Answer Concurrent powers are areas of law making power where both
the Commonwealth and state Parliaments have the authority to pass laws, as they are shared powers that have been give to the Commonwealth Parliament to make laws but have not been made exclusive. In other words, the powers have never been taken away from the states. Hence, these law making powers can be exercised by both the Commonwealth and the State Parliaments. For example: s51 (xxi) marriage is a concurrent power. However, if there is an inconsistency in the laws made by the Commonwealth Parliament and a state parliament in an area of share/concurrent power, then s.109 states that the Commonwealth law shall prevail and the inconsistent part of the state law shall be invalid. For example: s.51 xxi – marriage.
Answer NOTE: Whenever explaining the concept of
concurrent powers, a discussion of s.109 – the inconsistency provision – should also be included. You must KNOW THE SECTION NUMBER. Residual powers are areas of law making power that are not listed in the Constitution, hence they remain with the states (as they have not been given to the Commonwealth parliament). For example: education, health and public transport.
IMPACT OF S.109 OF COMMONWEALTH CONSTITUTION Explain the impact of s.109 on the division of law
Answer S.109 0f the Commonwealth Constitution states that
should there be a conflict between state and Commonwealth laws in an area of concurrent law making power (that is, law making powers that are shared between the Commonwealth Parliament and state parliaments – eg: marriage) then the Commonwealth law will prevail to the extent to the inconsistency between the two pieces of legislation.
Role of the Commonwealth Constitution Explain the role of the Commonwealth Constitution
Answer The role of the Commonwealth of Australia Act 1900 (UK)
(The Constitution) is to: Facilitate the division of law making powers by setting out what the Commonwealth Parliament can do with respect to law making (that is, the types of laws that can be passed by the Commonwealth Parliament).
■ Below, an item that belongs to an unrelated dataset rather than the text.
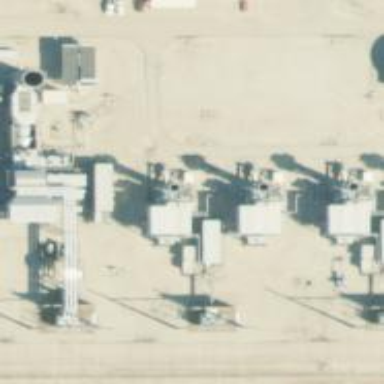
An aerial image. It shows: Gas turbine generator is in use.

Provide a legal framework for the creation of the Commonwealth Parliament and outline the structure of the Commonwealth Parliament. Give the High Court power to interpret the Commonwealth Constitution Provide for direct election of the members of the House of Representatives and the Senate by the people of Australia.
Can you… Explain the role of the Commonwealth Constitution? Explain and give examples of exclusive power? Explain and give examples of concurrent powers? Explain and give examples of residual powers? Explain and give examples of specific powers? Explain the impact of s.109?